Not that she lives like a monk. Bastian’s brand-new studio apartment costs $2,000 a month including parking. She loves to eat at restaurants and to shop; she spends around $775 on restaurants and about $680 shopping each month. She knows this now because her first homework assignment from her planner was to document all her monthly expenses.

“I expected him to say, ‘You need to change your behavior,’” Bastian says. “But instead, Bobby gave me the stamp of approval that I was not overspending. I’m truly shocked.”

Something else that helps Bastian’s cash flow today is that she doesn’t have lingering college debt. Her parents used the GET prepaid college 529 plan to pay for her undergrad degree (in Anthropology) at the University of Washington. The Teach for America program helped her to afford her Masters in Science in Education from Johns Hopkins University.

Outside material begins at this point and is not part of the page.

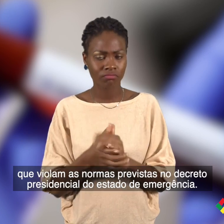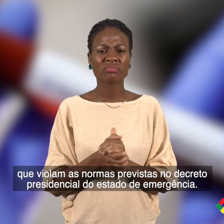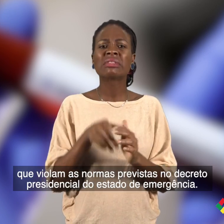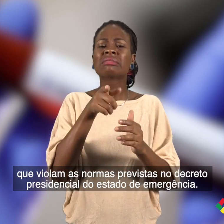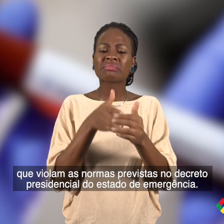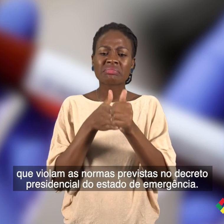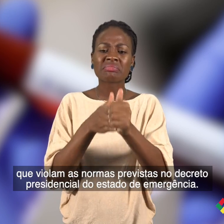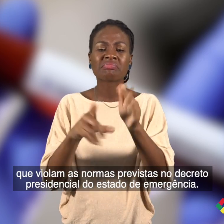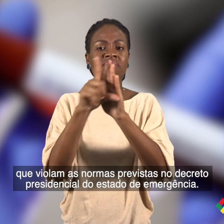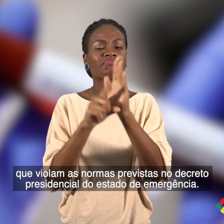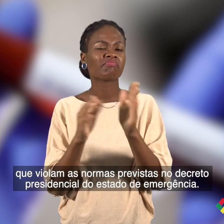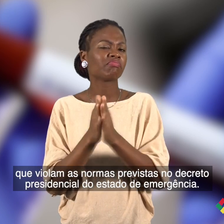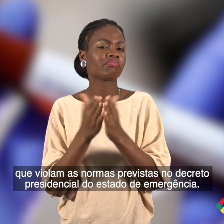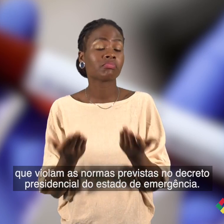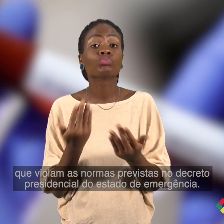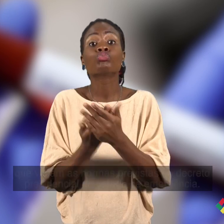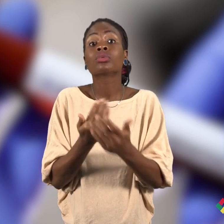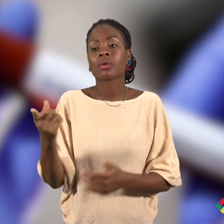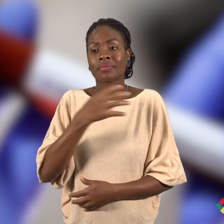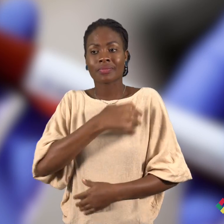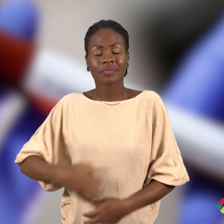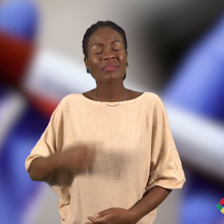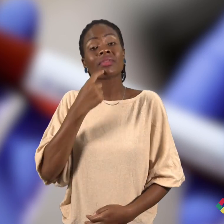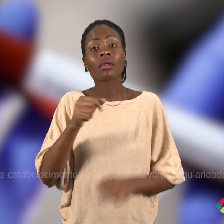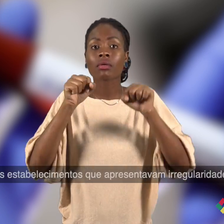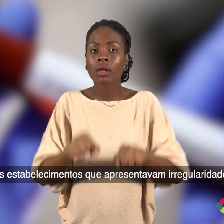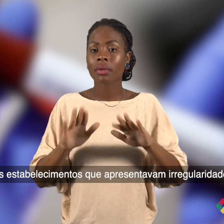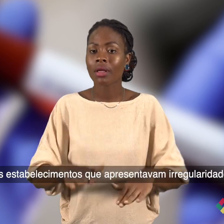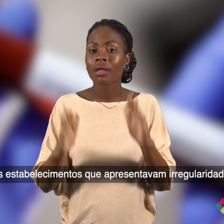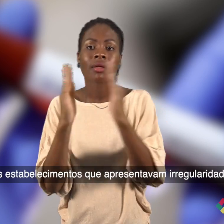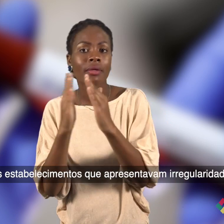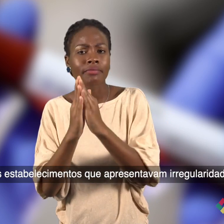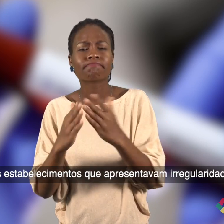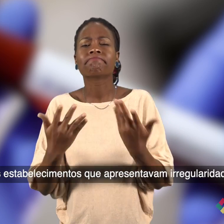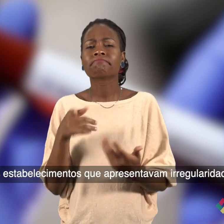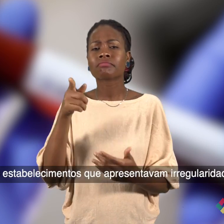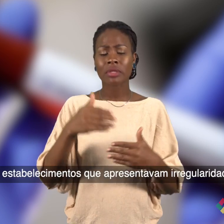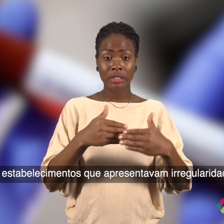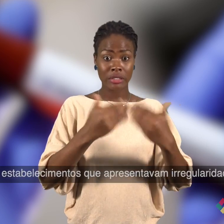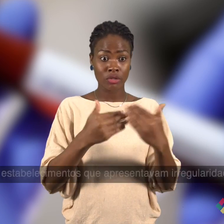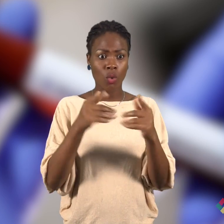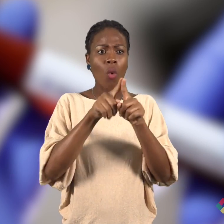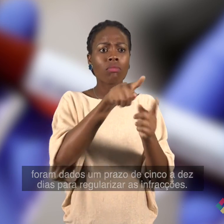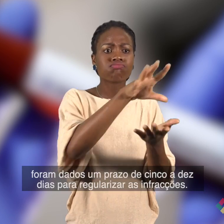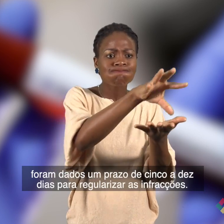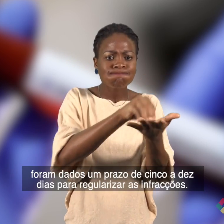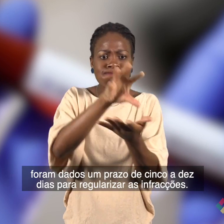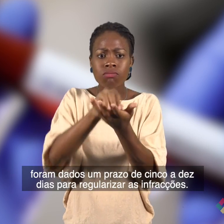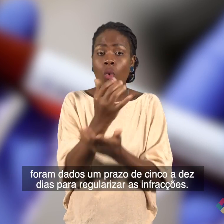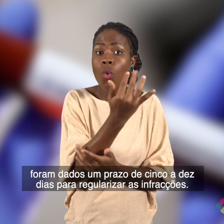Presidencial do Estado de Emergência. Os estabelecimentos que apresentavam irregularidades foram dados um prazo de

Bastian moved to tech because she discovered that “teaching wasn’t the career for me.” She enjoys creating features for apps that make the user experience easier  – and the switch to UX designer also pays double what she was making as a teacher.

A coin is dropped into a piggy bank.  (Ron Antonelli / Bloomberg)

Once she started making good money, Bastian squirreled it away. What to do with the $158,000 she saved was the first thing Reamer and Bastian sorted out. Number one on the planner’s priority list was an emergency fund of $40,000. If something bad happens — job loss or injury — that’s enough money to keep Bastian going for roughly six months.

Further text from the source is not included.